BEGIN
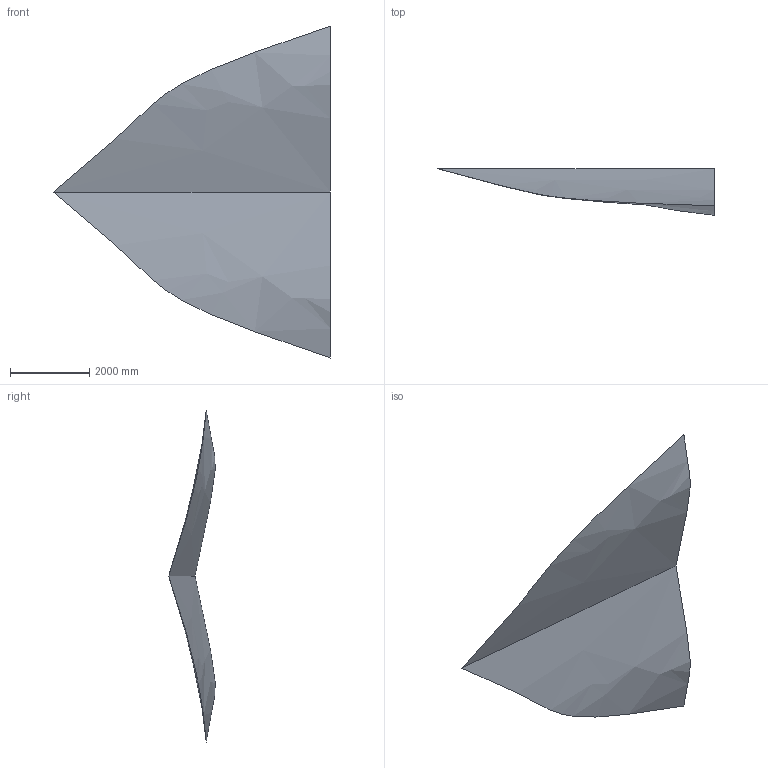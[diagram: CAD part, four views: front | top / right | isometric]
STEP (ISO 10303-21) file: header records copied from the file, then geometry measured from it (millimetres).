
FILE_DESCRIPTION(('Open CASCADE Model'),'2;1');
FILE_NAME('Open CASCADE Shape Model','2024-07-05T16:07:06',('Author'),( 'Open CASCADE'),'Open CASCADE STEP processor 7.7','Open CASCADE 7.7' ,'Unknown');
FILE_SCHEMA(('AUTOMOTIVE_DESIGN { 1 0 10303 214 1 1 1 1 }'));
Length unit declared in the file: millimetre
Products named in the file (1): Open CASCADE STEP translator 7.7 34
Bounding box: 7001.33 x 1176.31 x 8400 mm (x, y, z)
Volume: 8817872341.2 mm3; surface area: 76673527.9 mm2
Topology: 1 solids, 1 shells, 5 faces, 8 edges, 5 vertices
Faces by surface type: bspline 4, plane 1
Entity records: 1294 total; most frequent: CARTESIAN_POINT 1157, B_SPLINE_CURVE_WITH_KNOTS 22, ORIENTED_EDGE 16, PCURVE 16, DEFINITIONAL_REPRESENTATION 16, EDGE_CURVE 8, SURFACE_CURVE 8, DIRECTION 6
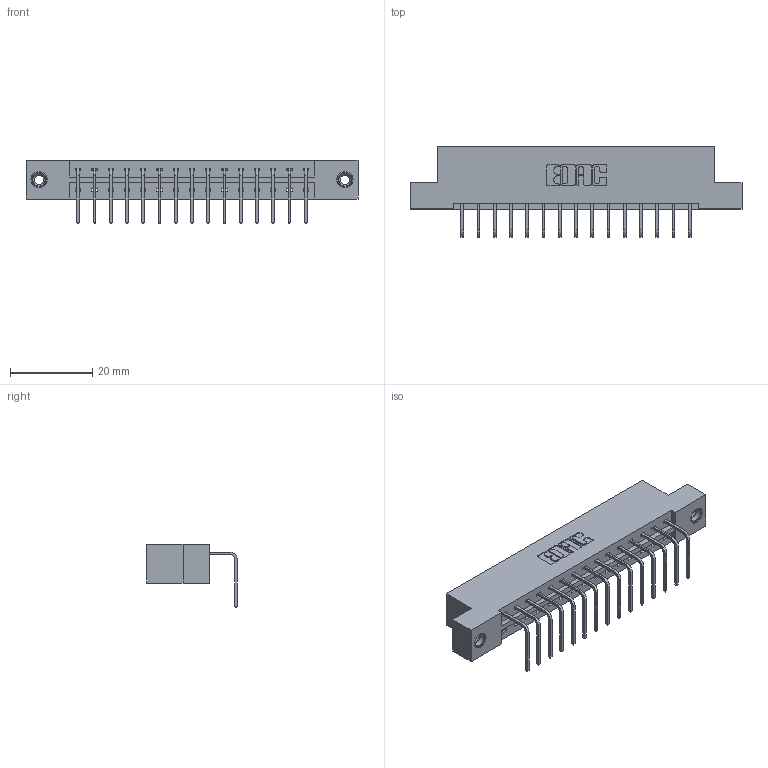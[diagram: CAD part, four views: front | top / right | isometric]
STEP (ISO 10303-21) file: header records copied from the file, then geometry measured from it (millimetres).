
FILE_DESCRIPTION (( 'STEP AP203' ), '1' );
FILE_NAME ('833-015-558-108.STEP', '2020-05-31T16:22:36', ( '' ), ( '' ), 'SwSTEP 2.0', 'SolidWorks 2020', '' );
FILE_SCHEMA (( 'CONFIG_CONTROL_DESIGN' ));
Length unit declared in the file: inch
Products named in the file (4): 833 Part_Flush - .156 Dia - TI; 345-250-001_345-250-003-102; 833-015-558-108; 345-292-001_558 Tail - 2
Assembly tree (18 placements, depth 2):
  833-015-558-108
    833 Part_Flush - .156 Dia - TI
    345-292-001_558 Tail - 2  x15
    345-250-001_345-250-003-102  x2
Bounding box: 80.98 x 22.17 x 15.37 mm (x, y, z)
Volume: 7959.7 mm3; surface area: 8767.8 mm2
Topology: 18 solids, 18 shells, 1074 faces, 3177 edges, 2090 vertices
Faces by surface type: plane 762, cylinder 296, cone 12, torus 4
Entity records: 13932 total; most frequent: CARTESIAN_POINT 2390, ORIENTED_EDGE 2334, DIRECTION 2103, EDGE_CURVE 1167, VECTOR 1019, LINE 1019, VERTEX_POINT 772, AXIS2_PLACEMENT_3D 542
END
» What is required: Starting with the top line, write out all the data above exactly; keep the pictures out.

» Answer to the problem:
[diagram: CAD part, four views: front | top / right | isometric]
STEP (ISO 10303-21) file: header records copied from the file, then geometry measured from it (millimetres).
FILE_DESCRIPTION(('Open CASCADE Model'),'2;1');
FILE_NAME('Open CASCADE Shape Model','2024-07-05T16:07:06',('Author'),( 'Open CASCADE'),'Open CASCADE STEP processor 7.7','Open CASCADE 7.7' ,'Unknown');
FILE_SCHEMA(('AUTOMOTIVE_DESIGN { 1 0 10303 214 1 1 1 1 }'));
Length unit declared in the file: millimetre
Products named in the file (1): Open CASCADE STEP translator 7.7 34
Bounding box: 7001.33 x 1176.31 x 8400 mm (x, y, z)
Volume: 8817872341.2 mm3; surface area: 76673527.9 mm2
Topology: 1 solids, 1 shells, 5 faces, 8 edges, 5 vertices
Faces by surface type: bspline 4, plane 1
Entity records: 1294 total; most frequent: CARTESIAN_POINT 1157, B_SPLINE_CURVE_WITH_KNOTS 22, ORIENTED_EDGE 16, PCURVE 16, DEFINITIONAL_REPRESENTATION 16, EDGE_CURVE 8, SURFACE_CURVE 8, DIRECTION 6
[diagram: CAD part, four views: front | top / right | isometric]
STEP (ISO 10303-21) file: header records copied from the file, then geometry measured from it (millimetres).
FILE_DESCRIPTION (( 'STEP AP203' ), '1' );
FILE_NAME ('833-015-558-108.STEP', '2020-05-31T16:22:36', ( '' ), ( '' ), 'SwSTEP 2.0', 'SolidWorks 2020', '' );
FILE_SCHEMA (( 'CONFIG_CONTROL_DESIGN' ));
Length unit declared in the file: inch
Products named in the file (4): 833 Part_Flush - .156 Dia - TI; 345-250-001_345-250-003-102; 833-015-558-108; 345-292-001_558 Tail - 2
Assembly tree (18 placements, depth 2):
  833-015-558-108
    833 Part_Flush - .156 Dia - TI
    345-292-001_558 Tail - 2  x15
    345-250-001_345-250-003-102  x2
Bounding box: 80.98 x 22.17 x 15.37 mm (x, y, z)
Volume: 7959.7 mm3; surface area: 8767.8 mm2
Topology: 18 solids, 18 shells, 1074 faces, 3177 edges, 2090 vertices
Faces by surface type: plane 762, cylinder 296, cone 12, torus 4
Entity records: 13932 total; most frequent: CARTESIAN_POINT 2390, ORIENTED_EDGE 2334, DIRECTION 2103, EDGE_CURVE 1167, VECTOR 1019, LINE 1019, VERTEX_POINT 772, AXIS2_PLACEMENT_3D 542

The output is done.